[A] lesson was learned in the incident: The public had supported the idea of retaliation, and was even asking why the U.S. didn't do more. [A former senior intelligence] official said that, a few weeks later, a meeting took place in the Vice-President's office. "The subject was how to create a casus belli between Tehran and Washington," he said.The story contains no further details, but apparently that's not because Hersh doesn't know them. ThinkProgress asked Hersh about the Cheney meeting at a recent conference, and he said this:
There was a dozen ideas proffered about how to trigger a war. The one that interested me the most was why don't we build — we in our shipyard — build four or five boats that look like Iranian PT boats. Put Navy seals on them with a lot of arms. And next time one of our boats goes to the Straits of Hormuz, start a shoot-up. Might cost some lives.Fascinating. So why wasn't that in his story? According to Hersh, it's because his editors didn't think he should write about options that were discussed but subsequently rejected.

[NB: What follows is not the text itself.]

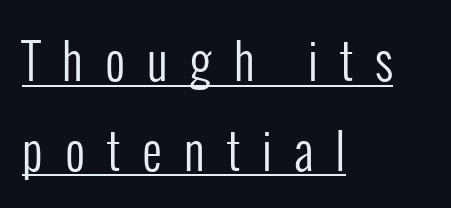
Visually the block forms a straight wall on the left and a jagged coastline on the right. A continuous stroke trails under the words, as in a hyperlink. The typesetting does not lean heavy: it is not bold. This sample uses a sans-serif face.

And it was rejected because you can't have Americans killing Americans. That's the kind of — that's the level of stuff we're talking about. Provocation. But that was rejected.
You gotta be kidding. The fact that they're even talking about stuff like this is news. If Hersh's editors thought his sourcing was no good, then his piece shouldn't have mentioned the meeting at all. But if the sourcing was good enough to report the meeting in the first place, it was good enough to report what they talked about. What were the New Yorker's editors thinking?
POSTSCRIPT: If this story sounds familiar, that's because it is. In one of David Manning's famous memos describing a prewar meeting between George Bush and Tony Blair, he says that Bush admitted that WMD was unlikely to be found in Iraq and then mused on some possible options for justifying a war anyway:
"The U.S. was thinking of flying U2 reconnaissance aircraft with fighter cover over Iraq, painted in U.N. colours," the memo says, attributing the idea to Mr. Bush. "If Saddam fired on them, he would be in breach."In the end, of course, we didn't do this. We just didn't bother with any pretext at all.